Building an End-to-End LLM Pipeline with AWS SageMaker

I've been putting together a pipeline on AWS that takes raw data, trains a large language model, and serves it for inference — all without managing a single server. The setup spans a few services, but each piece has a clear job. Let me walk you through how it all fits together.

The Pipeline at a Glance

The data flows like this:

AWS Glue extracts raw data and writes it as Parquet to S3
Amazon Athena queries and validates that data on demand
SageMaker Training Jobs consume the data and train the LLM
SageMaker Batch Transform runs batch inference for evaluation
SageMaker Endpoints serve the trained model in production
Downstream services call those endpoints for real-time inference

Each layer does one thing well.
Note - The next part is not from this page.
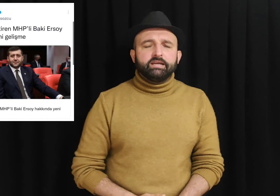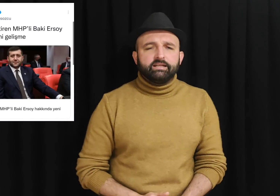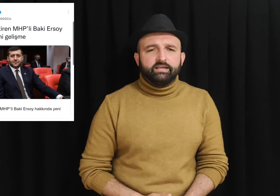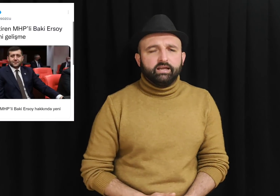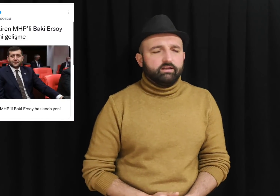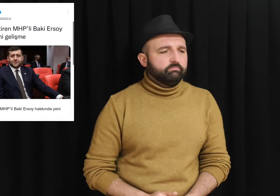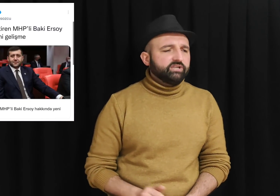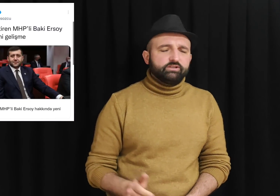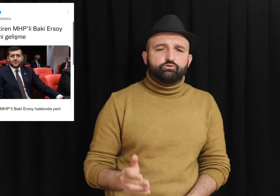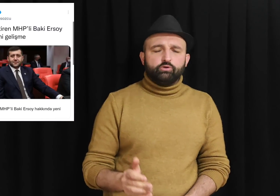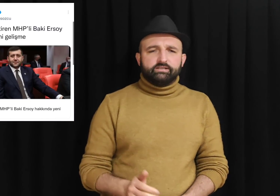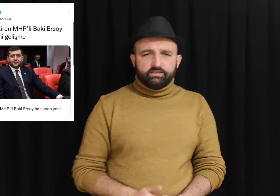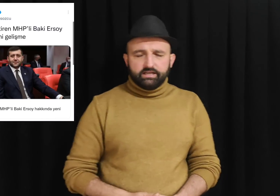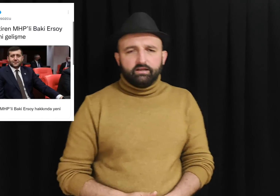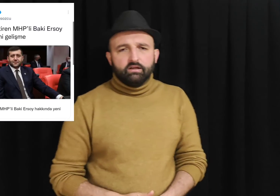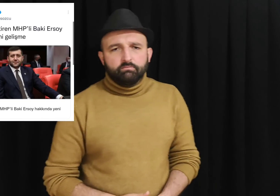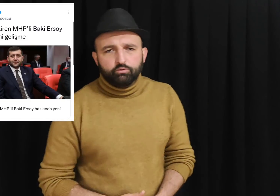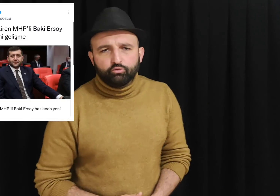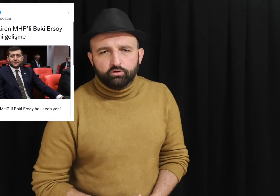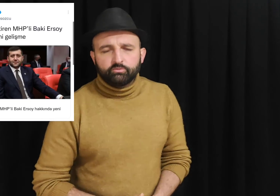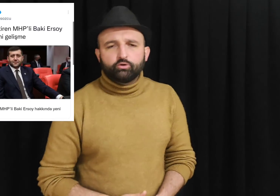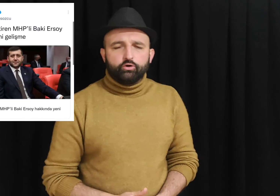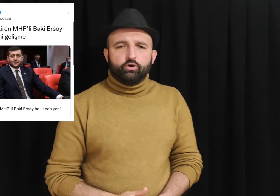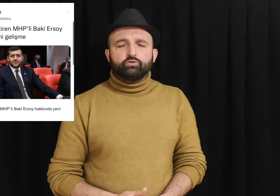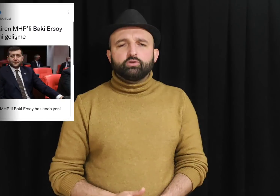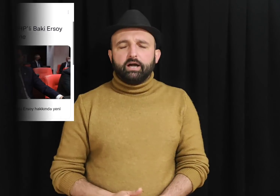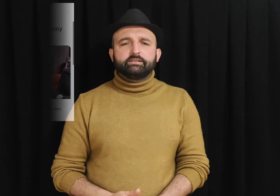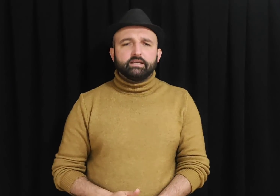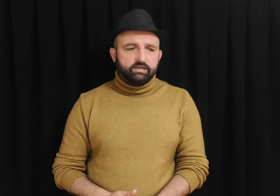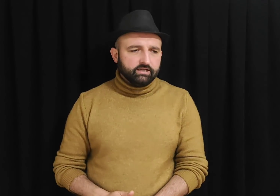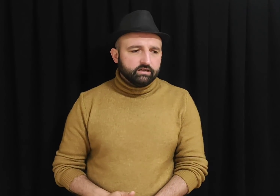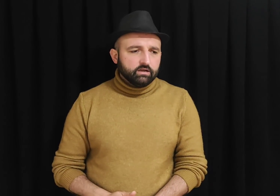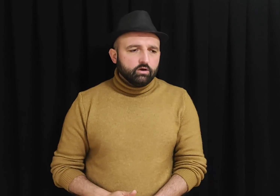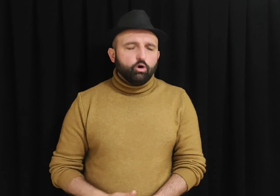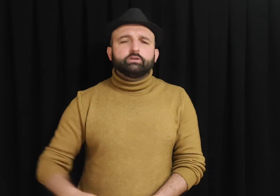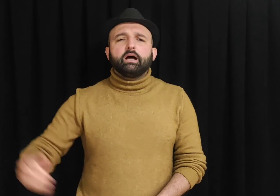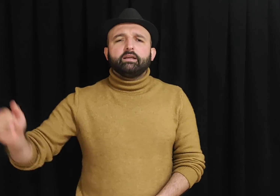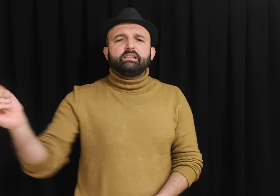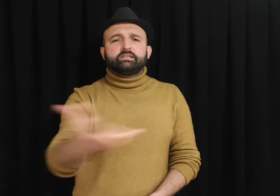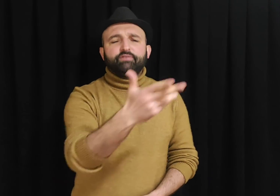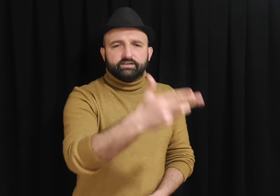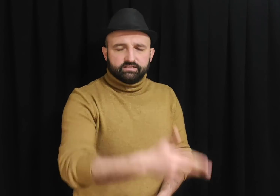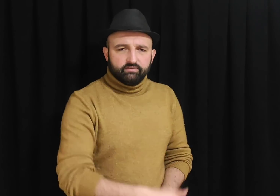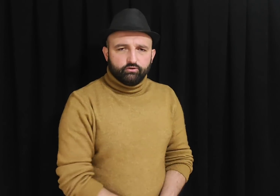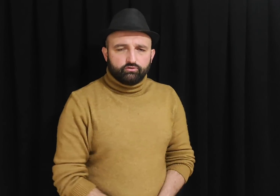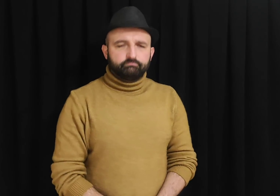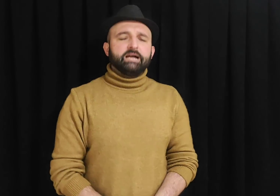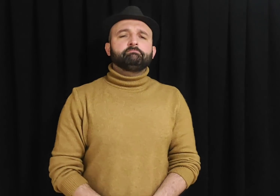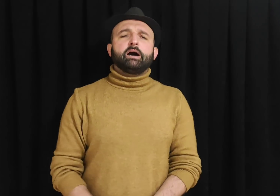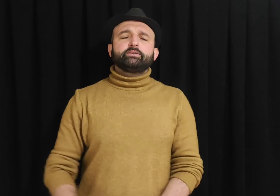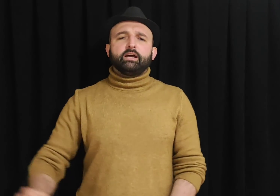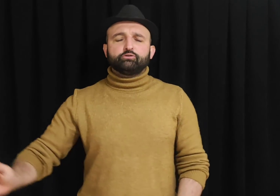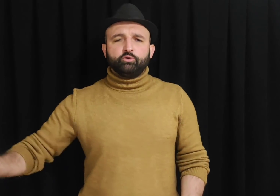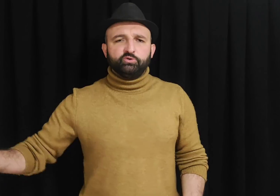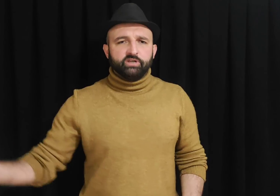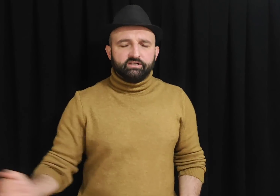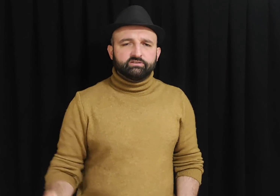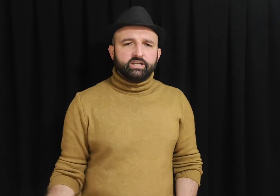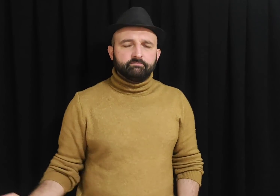Belediye Meclis üyesi de bu durumu görüyor. Kayseri'li o da istifasını veriyor. Ben Baki Ersoy'un yanındayım.

Let's go through them.

Extracting Data with AWS Glue

Glue is where the pipeline starts. A Glue Job pulls raw data from the source, applies transformations, and writes it out as Parquet files to an S3 bucket. Parquet is the right format here — it's columnar, compressed, and works seamlessly with everything downstream.

from awsglue.job import Job
from awsglue.context import GlueContext
from pyspark import SparkContext

sc = SparkContext()
glueContext = GlueContext(sc)
job = Job(glueContext)

raw_data = glueContext.create_dynamic_frame_from_catalog(
    database="my_database",
    table_name="raw_events"
)

glueContext.write_dynamic_frame_from_options(
    frame=raw_data,
    connection_type="s3",
    connection_options={
        "path": "s3://my-bucket/training-data/",
        "partitionKeys": ["date"]
    },
    format="parquet"
)

job.commit()

The job runs on a schedule, so the S3 bucket stays fresh without any manual intervention.
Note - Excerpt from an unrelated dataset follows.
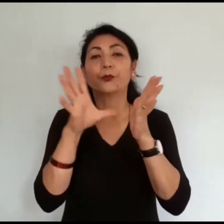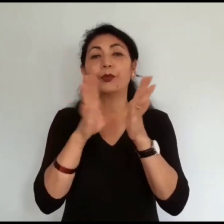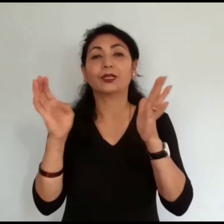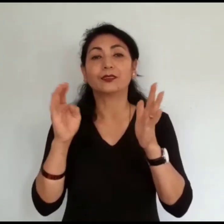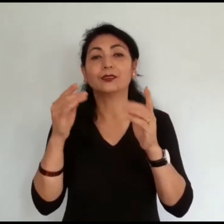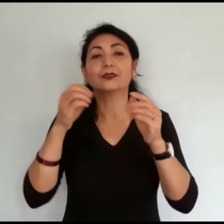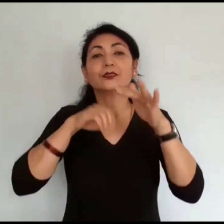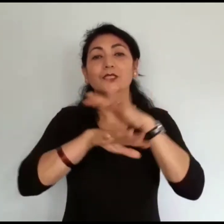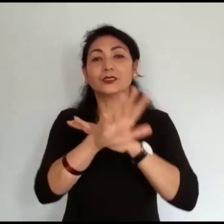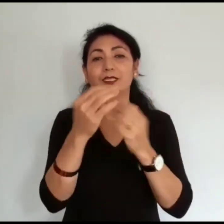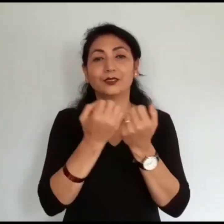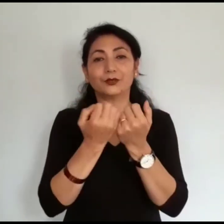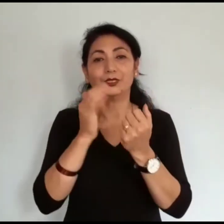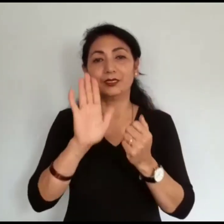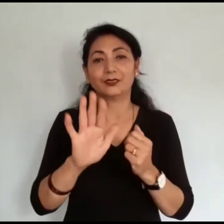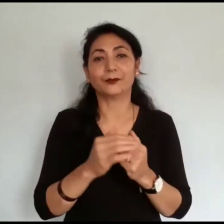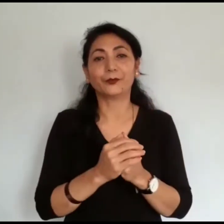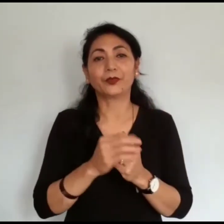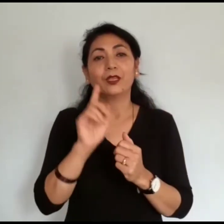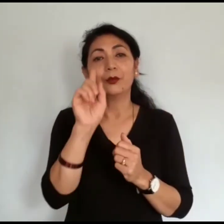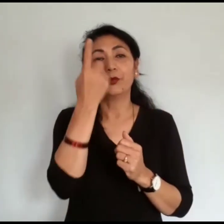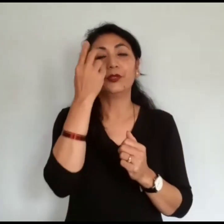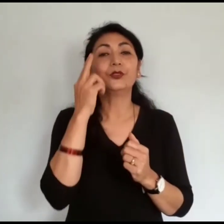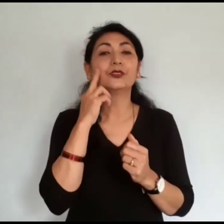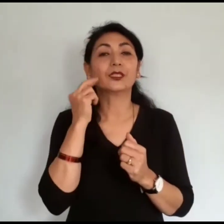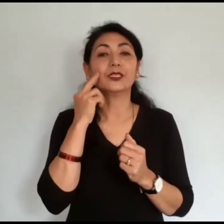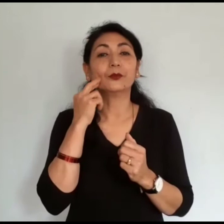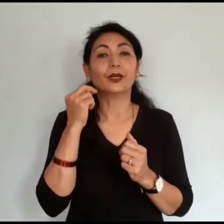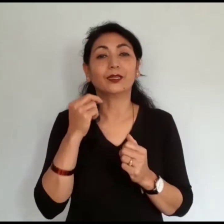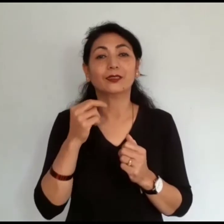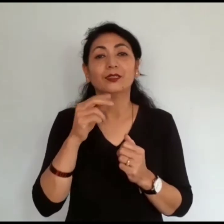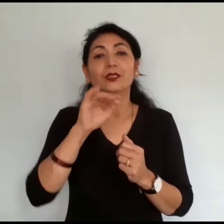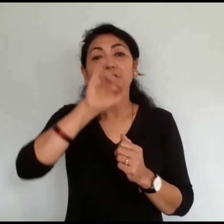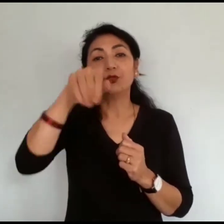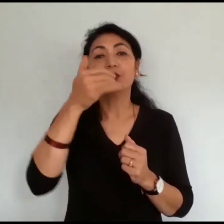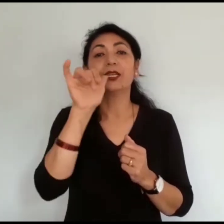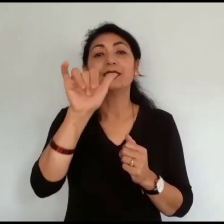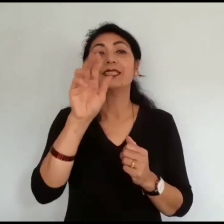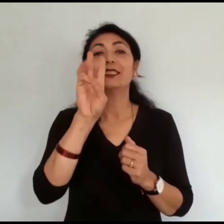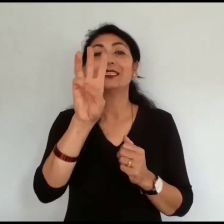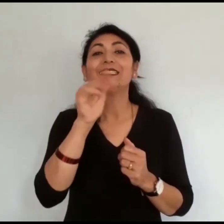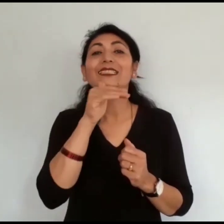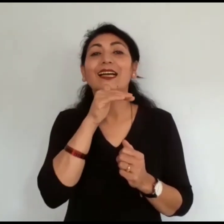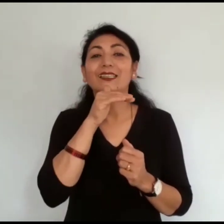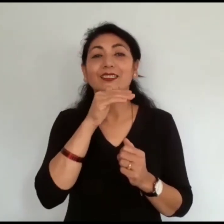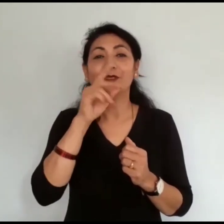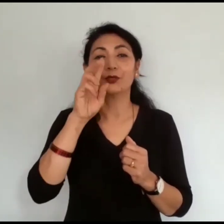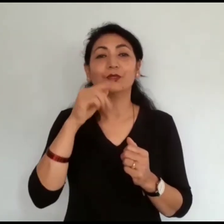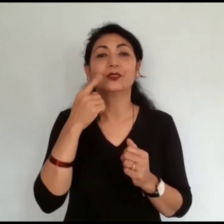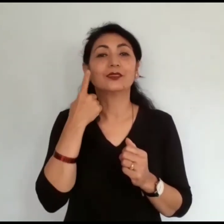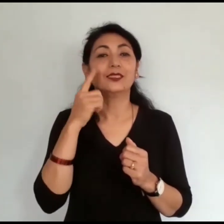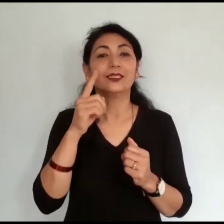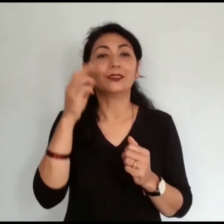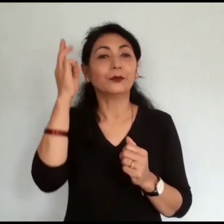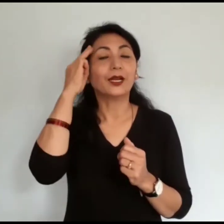माध्यम जूम बाटा संचालन हुने चा पहिलो सनिवार अर्थात जुलाई 3 तारिक को दिन

Querying with Amazon Athena

Once the Parquet files are in S3, Athena lets me query them with plain SQL — no cluster to spin up, no provisioning. I use it for two things: validating that the Glue transformation produced the right data, and as a lightweight source for feeding into training.

SELECT COUNT(*), MIN(date), MAX(date)
FROM training_data
WHERE date >= '2025-06-01';

Athena query results can be exported back to S3, which keeps the handoff to SageMaker clean and decoupled.

Training the LLM with SageMaker

This is the core of it. SageMaker Training Jobs handle the actual model training — provisioning GPU instances, running distributed training, and saving checkpoints. I use a custom container image that has the training script and dependencies baked in, and point it at the Parquet data in S3.

import sagemaker

session = sagemaker.Session()
role = sagemaker.get_execution_role()

estimator = sagemaker.estimator.Estimator(
    image_uri="123456789012.dkr.ecr.us-east-1.amazonaws.com/llm-trainer:latest",
    role=role,
    instance_count=2,
    instance_type="ml.p3.16xlarge",
    output_path="s3://my-bucket/model-output/"
)

estimator.fit({
    "train": "s3://my-bucket/training-data/",
    "validation": "s3://my-bucket/validation-data/"
})

When the job finishes, the trained model artifacts end up in output_path on S3. SageMaker takes care of the rest — scaling, monitoring, and logging.

Evaluating with Batch Transform

Before anything goes to production, I run the model against a held-out evaluation set. Batch Transform is perfect for this — it runs inference over an entire dataset in one pass, no persistent endpoint needed.

transformer = estimator.transformer(
    instance_count=1,
    instance_type="ml.m5.4xlarge",
    output_path="s3://my-bucket/batch-output/"
)

transformer.transform(
    data="s3://my-bucket/evaluation-data/",
    content_type="application/json",
    split_type="Line"
)
transformer.wait()

The predictions land in S3. I pull them into a notebook or Athena to compute metrics and decide whether the model is ready to deploy.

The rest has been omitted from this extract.